2018-01-26 22:43:56 UTC
If you don't trust him at all, then end the marriage. Affairs don't start in the bedroom. He is playing with fire. Take screen shots of the conversations. Maybe you should contact the girl from a different phone number or through some other means and confront her about it. "I don't appreciate MY HUSBAND receiving such texts from you." Maybe send her some photos of you and your husband together. Perhaps she doesn't even realize that he is married.
BeatriceBatten
2018-01-26 19:15:12 UTC
If you don't trust him, then why stay married to him?



You're not going to be happy if you stay with him, and he's not going to change. So start making plans to leave. Set aside some money for yourself, and start reaching out to close friends to see if you can stay with them a while until you can get your own place.
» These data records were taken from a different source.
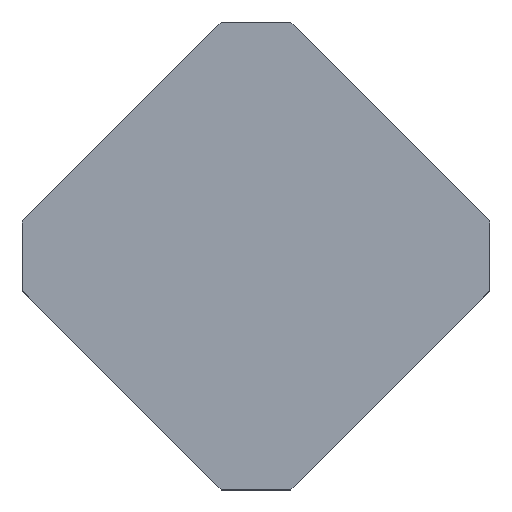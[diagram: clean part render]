
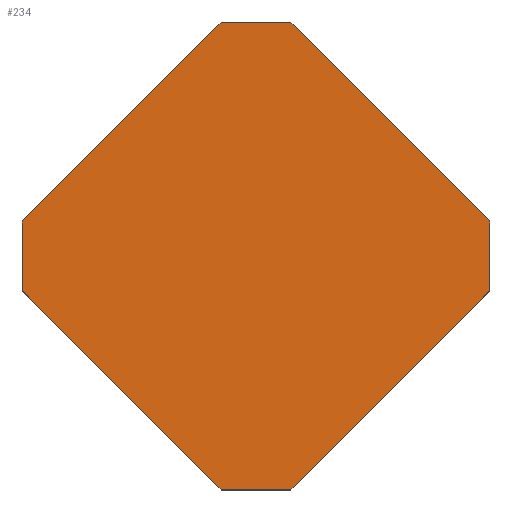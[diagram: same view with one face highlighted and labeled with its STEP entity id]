
A CAD part, top view. The second image highlights one B-rep face of the part: STEP entity #234.
In plain terms, the highlighted planar face has unit normal (0, 0, 1).
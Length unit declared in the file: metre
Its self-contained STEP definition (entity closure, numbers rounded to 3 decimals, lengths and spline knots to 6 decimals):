
#24=LINE('',#342,#48);
#28=LINE('',#353,#52);
#32=LINE('',#361,#56);
#35=LINE('',#367,#59);
#38=LINE('',#373,#62);
#40=LINE('',#376,#64);
#43=LINE('',#382,#67);
#45=LINE('',#385,#69);
#48=VECTOR('',#279,1.);
#52=VECTOR('',#287,1.);
#56=VECTOR('',#293,1.);
#59=VECTOR('',#298,1.);
#62=VECTOR('',#303,1.);
#64=VECTOR('',#307,1.);
#67=VECTOR('',#312,1.);
#69=VECTOR('',#316,1.);
#104=ORIENTED_EDGE('',*,*,#134,.T.);
#105=ORIENTED_EDGE('',*,*,#138,.T.);
#106=ORIENTED_EDGE('',*,*,#141,.F.);
#107=ORIENTED_EDGE('',*,*,#144,.F.);
#108=ORIENTED_EDGE('',*,*,#146,.T.);
#109=ORIENTED_EDGE('',*,*,#129,.F.);
#110=ORIENTED_EDGE('',*,*,#149,.F.);
#111=ORIENTED_EDGE('',*,*,#151,.T.);
#129=EDGE_CURVE('',#157,#158,#24,.T.);
#134=EDGE_CURVE('',#163,#162,#28,.T.);
#138=EDGE_CURVE('',#162,#165,#32,.T.);
#141=EDGE_CURVE('',#167,#165,#35,.T.);
#144=EDGE_CURVE('',#169,#167,#38,.T.);
#146=EDGE_CURVE('',#169,#158,#40,.T.);
#149=EDGE_CURVE('',#171,#157,#43,.T.);
#151=EDGE_CURVE('',#171,#163,#45,.T.);
#157=VERTEX_POINT('',#341);
#158=VERTEX_POINT('',#343);
#162=VERTEX_POINT('',#352);
#163=VERTEX_POINT('',#354);
#165=VERTEX_POINT('',#360);
#167=VERTEX_POINT('',#366);
#169=VERTEX_POINT('',#372);
#171=VERTEX_POINT('',#381);
#188=EDGE_LOOP('',(#104,#105,#106,#107,#108,#109,#110,#111));
#206=FACE_BOUND('',#188,.T.);
#222=PLANE('',#263);
#234=ADVANCED_FACE('',(#206),#222,.T.);
#263=AXIS2_PLACEMENT_3D('',#386,#317,#318);
#279=DIRECTION('',(-1.,0.,0.));
#287=DIRECTION('',(-0.707,0.707,0.));
#293=DIRECTION('',(-1.,0.,0.));
#298=DIRECTION('',(0.707,0.707,0.));
#303=DIRECTION('',(0.,1.,0.));
#307=DIRECTION('',(0.707,-0.707,0.));
#312=DIRECTION('',(-0.707,-0.707,0.));
#316=DIRECTION('',(0.,1.,0.));
#317=DIRECTION('',(0.,0.,1.));
#318=DIRECTION('',(1.,0.,0.));
#341=CARTESIAN_POINT('',(0.051,-0.341,0.04));
#342=CARTESIAN_POINT('',(0.,-0.341,0.04));
#343=CARTESIAN_POINT('',(-0.051,-0.341,0.04));
#352=CARTESIAN_POINT('',(0.051,0.341,0.04));
#353=CARTESIAN_POINT('',(0.196,0.196,0.04));
#354=CARTESIAN_POINT('',(0.341,0.051,0.04));
#360=CARTESIAN_POINT('',(-0.051,0.341,0.04));
#361=CARTESIAN_POINT('',(0.,0.341,0.04));
#366=CARTESIAN_POINT('',(-0.341,0.051,0.04));
#367=CARTESIAN_POINT('',(-0.196,0.196,0.04));
#372=CARTESIAN_POINT('',(-0.341,-0.051,0.04));
#373=CARTESIAN_POINT('',(-0.341,0.,0.04));
#376=CARTESIAN_POINT('',(-0.196,-0.196,0.04));
#381=CARTESIAN_POINT('',(0.341,-0.051,0.04));
#382=CARTESIAN_POINT('',(0.196,-0.196,0.04));
#385=CARTESIAN_POINT('',(0.341,0.,0.04));
#386=CARTESIAN_POINT('',(0.,0.,0.04));

Go to your doctor for an STD test, too. Who knows what he's brought home to you. (He may very well NOT be physically cheating on you, but at this point you'd be a fool to assume otherwise. So, protect yourself.)
?
2018-01-26 17:37:30 UTC
While I don't understand why people object to their spouses having friends of the other sex on Facebook, Instagram, etc., this has clearly gone beyond the range of acceptable behavior. Your husband is playing with fire. Someday one of these women is going to take him up on his offer. If he were really committed to you, he wouldn't be doing this. I think you can have a serious talk with him without mentioning that you were on his Instagram site- say that you feel you're not as close as you should be. You might even suggest marriage counseling. But I think ultimately you're going to have to leave and see what he does.

BTW, I know many couples who share an email account (billandbertasmith@gmail.com) for example, and share passwords. I know wives who set everything up for their husbands on their phones and laptops. I also know couples who keep separate accounts. There's nothing wrong with either if they're not hiding things from each other.
?
2018-01-26 17:31:24 UTC
You don't trust your husband? Then why did you marry him, I mean I get it he hasn't exactly given you a reason too if he's constantly flirting and talking to other women. It seems like you knew this beforehand so why marry him. You're supposed to trust your spouse, and this isn't the case. If you want to work it out, you have to talk to him, if he doesn't want to change just leave.
Blue Sky
2018-01-26 17:27:53 UTC
You need to confront him and you also need to consider marriage counseling for your trust issues. The fact that he deletes older messages tells me that he is up to no good and he knows he's wrong, but does it anyway. I'm guessing he wouldn't like it if you were chatting up some guy you met. Happy belated birthday by the way.
Happy-2
2018-01-26 17:27:14 UTC
Given that you say, "i do not trust him at all," I wonder why you married him. Didn't anybody tell you that a marriage in which the spouses don't both trust each other is doomed to failure? Whether he ever actually puts his penis into another woman, the bottom line is, you don't trust him, and a marriage simply doesn't work under those conditions.
♥ Abby ♥
2018-01-30 14:09:51 UTC
If u dont have proof then he dodent hello
S
2018-01-29 04:09:56 UTC
to me no trust = no marriage you already suspect either get to couples counseling or get to a lawyer He is not committed to you.
J
2018-01-26 17:51:42 UTC
First I am very sorry this is happening to you, on the other hand you are and still very young but you do have to take action because even when you haven't catch him cheating physically I can tell you that he probably already physically cheated on you, but regardless his behavior is unacceptable, you need and should confront him about this, the fact that it's hard to leave him because you been with him for 5 years is not a justification it's an excuse, trust me if you don't take action now and do something about it, he will do it again.


This content was originally posted on Y! Answers, a Q&A website that shut down in 2021.